Bug #99370 Semi-synchronous replication executes un-acknowledged transactions
Submitted: 27 Apr 2020 15:12 Modified: 19 May 2020 16:40
Reporter: Erol Guven (OCA) Email Updates:
Status: Closed Impact on me:
None 
Category:MySQL Server: Documentation Severity:S2 (Serious)
Version:5.7.29 OS:Any
Assigned to: CPU Architecture:Any

[27 Apr 2020 15:12] Erol Guven
Description:
If the master node goes down before it receives a replication acknowledgement from the slave, it still executes that transaction when the server restarts.

This problem is also documented in MySQL and InnoDB Crash Recovery section of the this article https://www.percona.com/community-blog/2018/08/23/question-about-semi-synchronous-replicat...

Some relevant configs from my.cnf

# master is configured to wait "forever" until it receives at least one slave replicating
rpl_semi_sync_master_enabled=1
rpl_semi_sync_master_timeout=604800000

gtid-mode=ON
enforce-gtid-consistency
sync_binlog=1
innodb_flush_log_at_trx_commit=1

How to repeat:
How to reproduce:
1. Setup master-slave semi-synchronous cluster with at least one slave
2. Stop slave thread on the slave node(s)
3. Write a transaction on master. It will wait until, the transaction is replicated. The transaction is not yet committed.
4. Stop and restart master node.
5. Upon restart, notice that the transaction from step#3 is now applied on the database.

Desired behavior:
The transaction from step#3 is not applied. MySQL should have recorded that the transaction was never acknowledged as committed, thus it should not have been applied.

Suggested fix:
Record acknowledged transactions and replay only those from the binary logs. Purge the un-acknowledged transactions from the binary logs.
[5 May 2020 11:40] MySQL Verification Team
Hi Erol,

This is expected behavior, a limitation that applies to the whole concept of semi-sync. It is not properly documented so I'll convert this into documentation bug so our doc team can improve on the details in the documentation.

When using semi-sync, the correct way to recover after a master failure without losing losslessness is to *discard* the master and fail over to the most up-to-date slave. This is consistent because transactions for which the master did not receive an ACK have neither been acknowledged to the committing client nor externalized to other clients, so we simply lose them.

all best
Bogdan

p.s.
You might want to switch to group replication where this problem does not exist
[19 May 2020 16:40] Margaret Fisher
Posted by developer:
 
Thanks for raising this issue.

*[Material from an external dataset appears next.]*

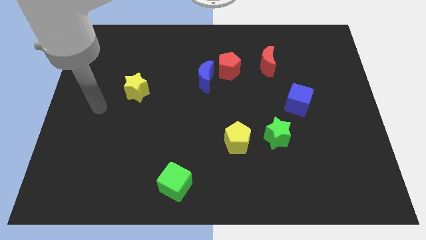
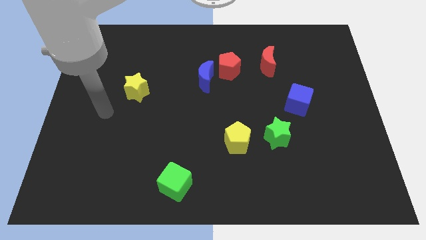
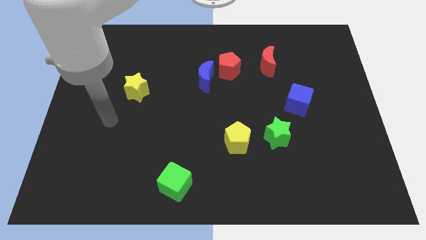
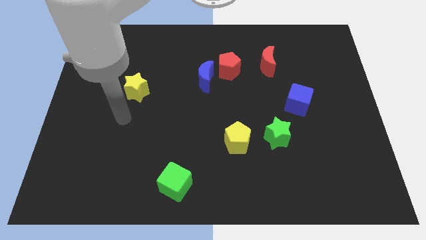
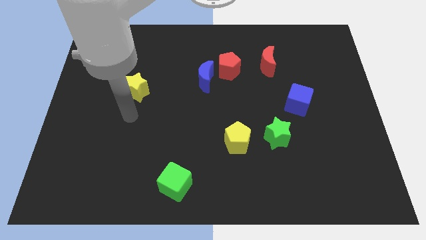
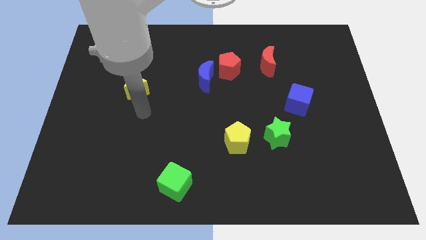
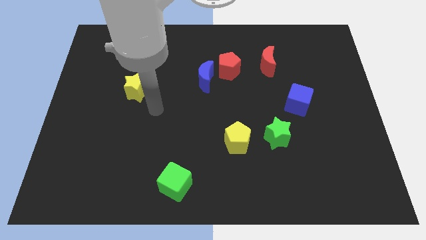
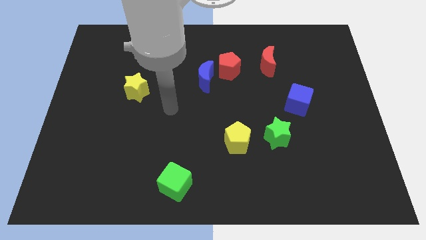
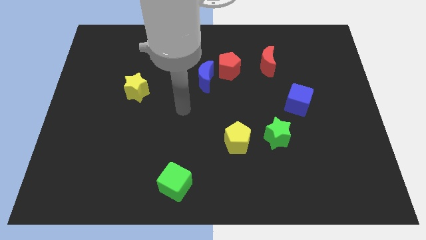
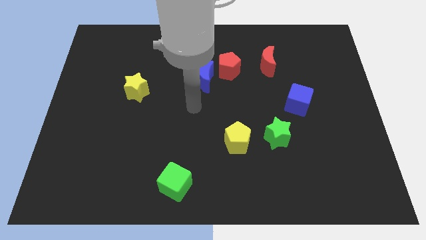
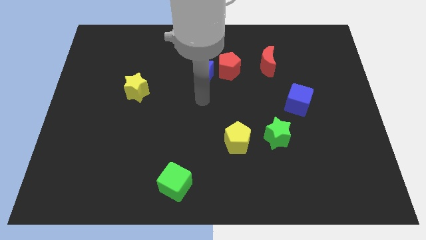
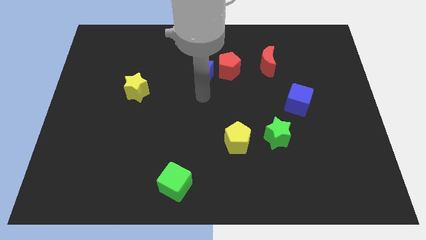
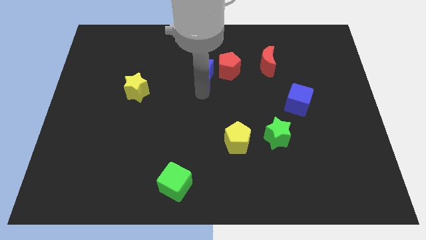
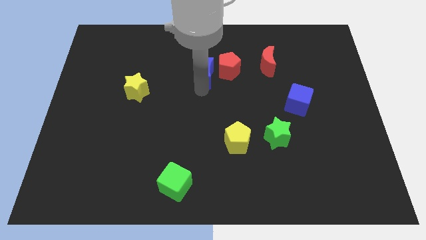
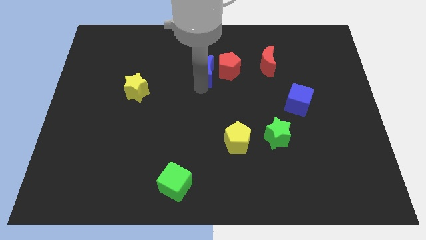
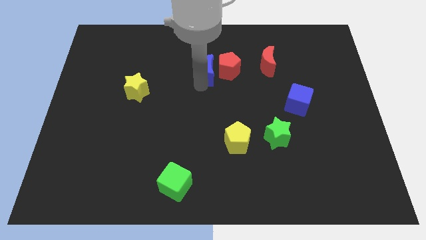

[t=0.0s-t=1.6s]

I've added a note to
https://dev.mysql.com/doc/refman/8.0/en/replication-semisync.html 
and earlier release versions:

Important:
 With semisynchronous replication, if the master crashes and a failover to a slave is carried out, the failed master should not be reused as the replication master, and should be discarded. It could have transactions that were not acknowledged by any slave, which were therefore not committed before the failover. 
 If your goal is to implement a fault-tolerant replication topology where all the servers receive the same transactions in the same order, and a server that crashes can rejoin the group and be brought up to date automatically, you can use Group Replication to achieve this.